Wren's eyes went wide. She could already feel the blood on her hands and see Seltus' eyes draining of color. She could smell the sickly sweet iron of blood as it mixed with whatever else floated around in his abdomen. She could see the pained look on his face before the muscles all relaxed. She shuddered. But before she could say anything, Ittra was headed into the other room. She shut the door behind her.

"I don't know if I can," She said weakly. Rannok gave her an incredulous look, as if he couldn't believe what she was saying.

"You can," he said. "I know you can."

"What if I can't?" She could already feel the iron in her mouth from biting her own lip until it bled. She could see herself standing there abreast of him, with the dagger in her hand. Her hands shaking and frozen and him staring at her, laughing, before he pricked her back. The blood draining from the wound until she did not move anymore and her vision faded to black. 

"Then you'll have to figure something out," he said. He held his arm out and helped her to her feet. Now that the adrenaline was gone, the ankle ached and hurt to stand on. She leaned on him for balance as he helped her limp into the back room. He set her down in the corner and looked her in the eye, then gave her hand a squeeze.

"You're one of the strongest people I've ever met," he said. She laughed. It was not a funny sort of laugh.

"No, I'm not," she said. He shrugged and sat down beside her so their wings brushed, and she leaned her head on his shoulder. "At least I don't feel like it." She breathed in and back out slowly, trying to calm her still-shaking hands. He didn't move.

"You didn't die when we went across the desert," he said. "You're not afraid of reavers, and somehow you don't wake up screaming in the middle of the night.
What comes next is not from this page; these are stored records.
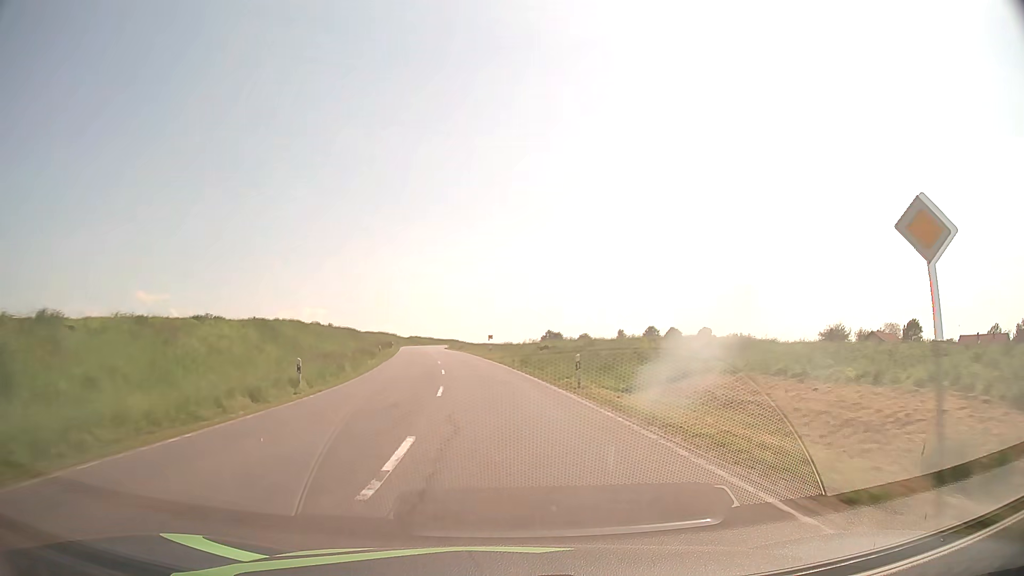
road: secondary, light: Day
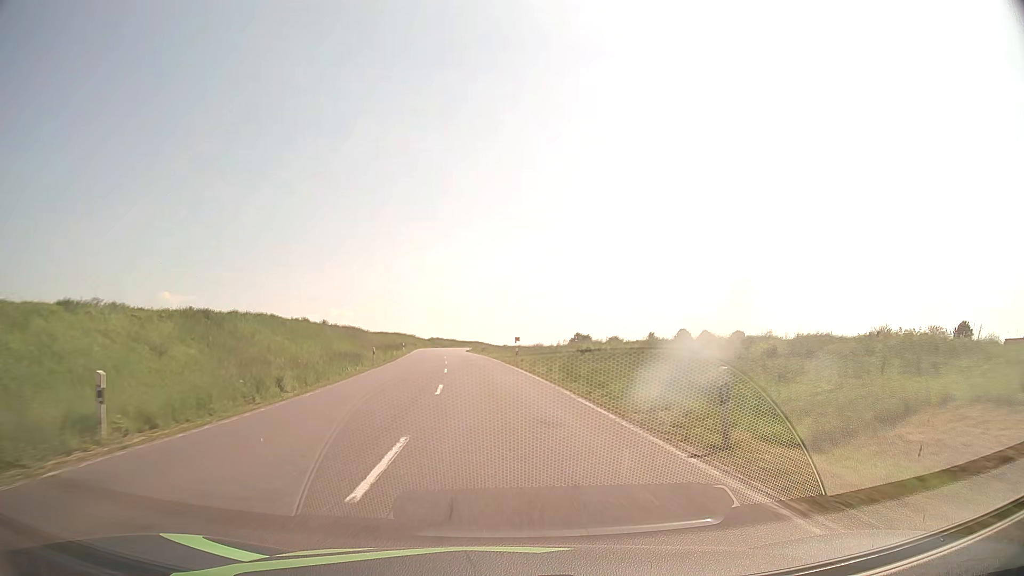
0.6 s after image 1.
(-0.3, +12.7) m; -2°
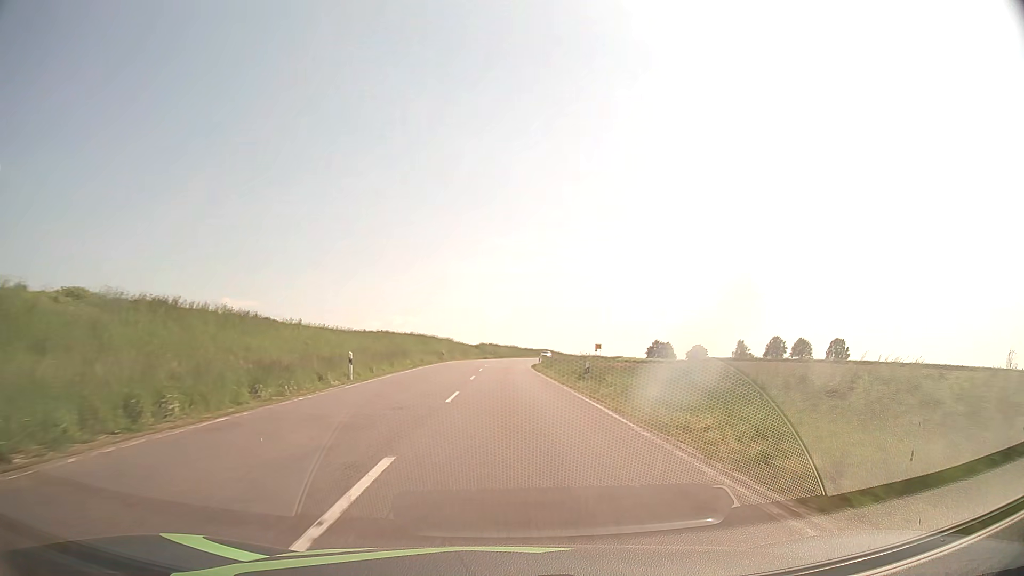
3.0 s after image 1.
(-3.4, +51.6) m; -6°
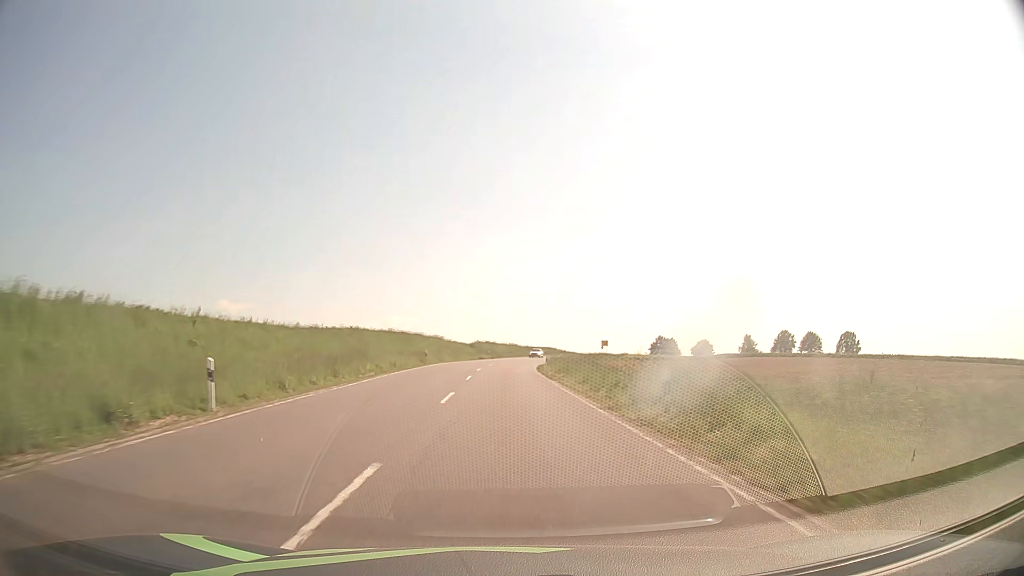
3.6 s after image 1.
(0.0, +12.9) m; 0°
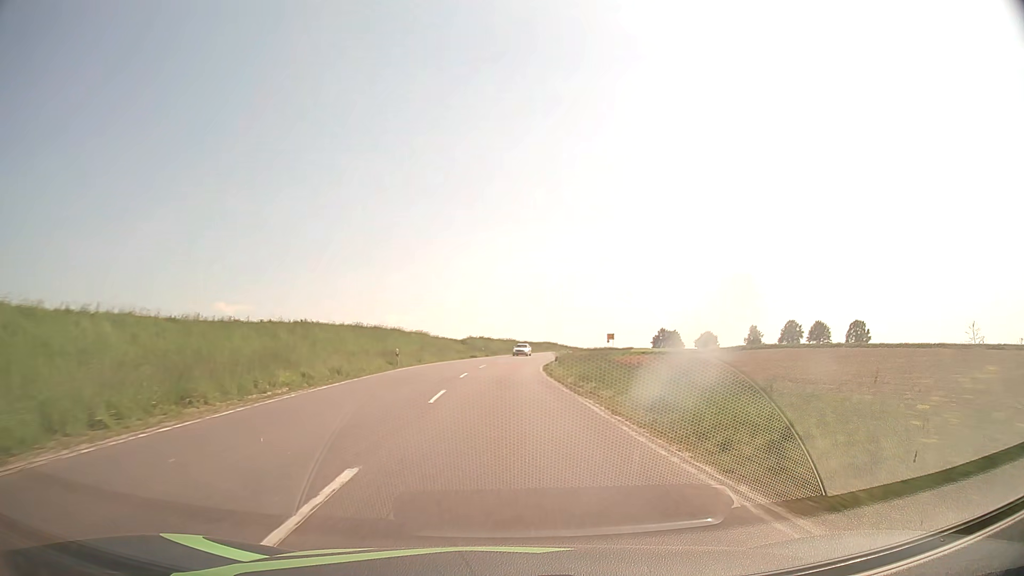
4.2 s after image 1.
(0.0, +12.8) m; 0°
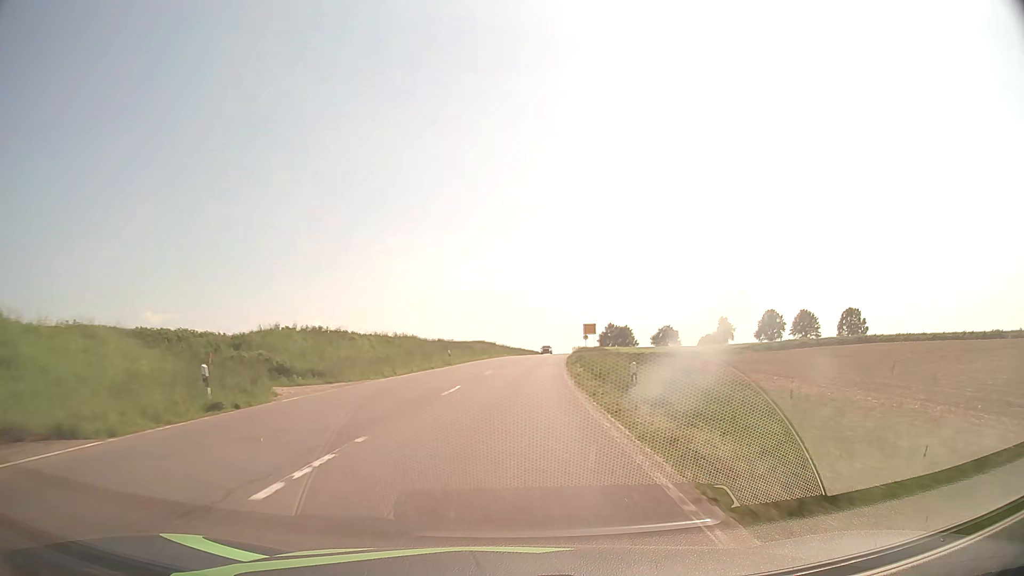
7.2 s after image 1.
(+2.1, +58.7) m; +6°
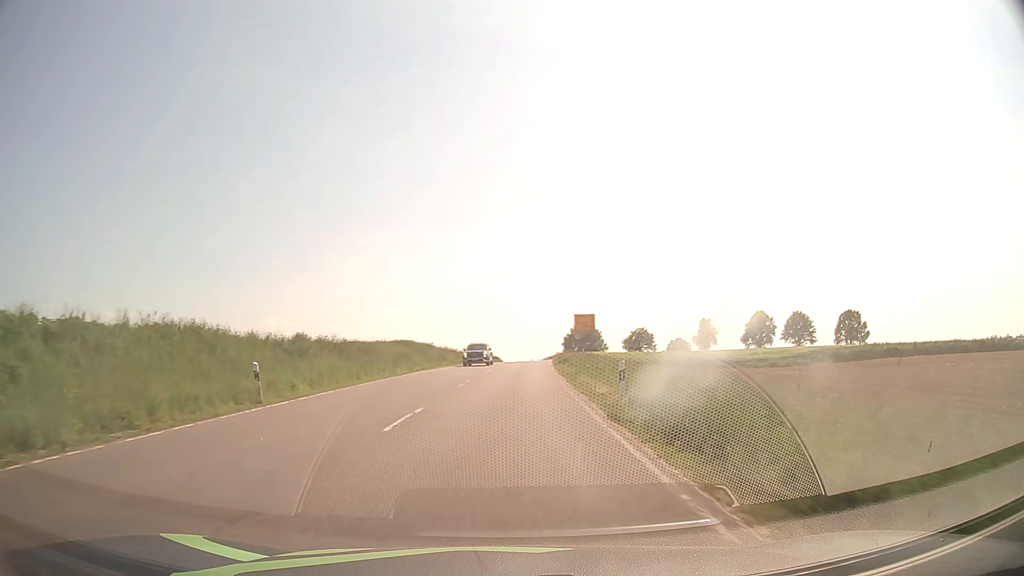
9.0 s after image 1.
(+1.2, +31.8) m; +4°
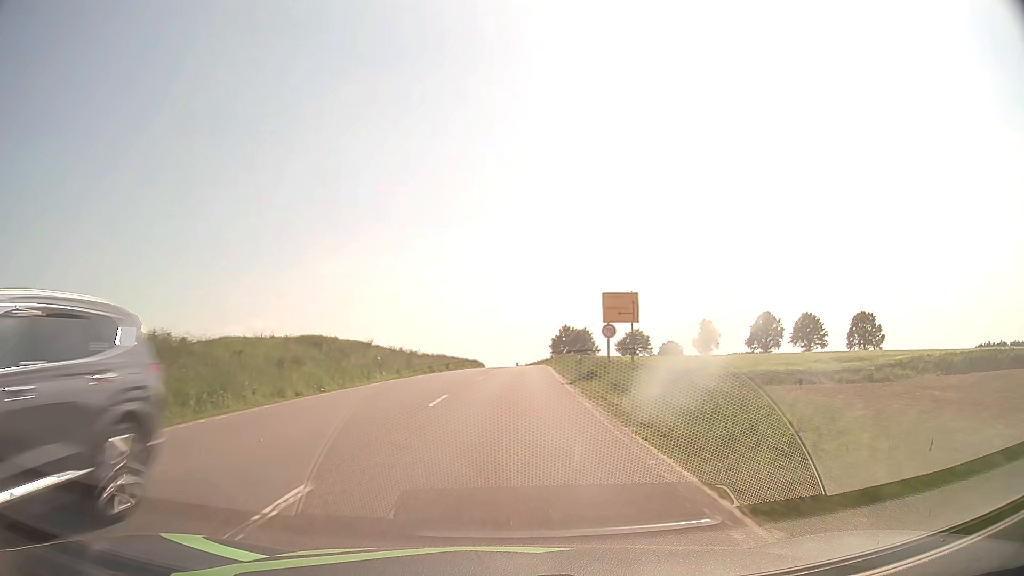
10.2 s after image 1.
(+0.2, +20.9) m; +1°
(0, +10) (0, +20) (0, +30) (+1, +40) (+1, +50) (+1, +60) (+2, +70) (+2, +80) (+2, +90) (+2, +100) m

And you do things I'd never do." He sighed. "I'm not sorry you have to, though."

She wanted to leave now. She wanted to find Armand and bash his teeth in. She wanted to find Seltus and feel his blood in her hands, at the very same time that the idea terrified her. She wanted to make them hurt like she did. To make them remember it for the rest of their lives so they didn't sleep at night for fear of sleeping.

 She wanted to take their friends away and spin them up and pour out the contents of their brain onto the hot cobblestone streets. She wanted to make them feel as bad and confused and awful as she felt. And the worst part was, she knew exactly why she had to wait. She knew why she couldn't go after them alone, and it killed her. 

"They took Phina," she said. "They took her and there wasn't anything I could do. I just sat there and watched." The words made her feel sick as they tumbled out of her mouth. She didn't know if she would ever see Phina again. Worst still, she still didn't know if that was a good thing or a bad thing. And that made her feel worse still, because there were far, far more important things to worry about.

She felt Rannok's ribcage rise and fall as he sighed, and she stiffened slightly.

"You're not friends, are you?"

She swallowed. She knew what he meant by not friends. He didn't mean like when they weren't friends, because they were at each other's throats. She didn't mean like people weren't friends because they didn't know each other or didn't like each other or because they knew things about one another that made people uncomfortable.

"I don't know," she said, only because it was the honest answer. He nodded and did not say anything else.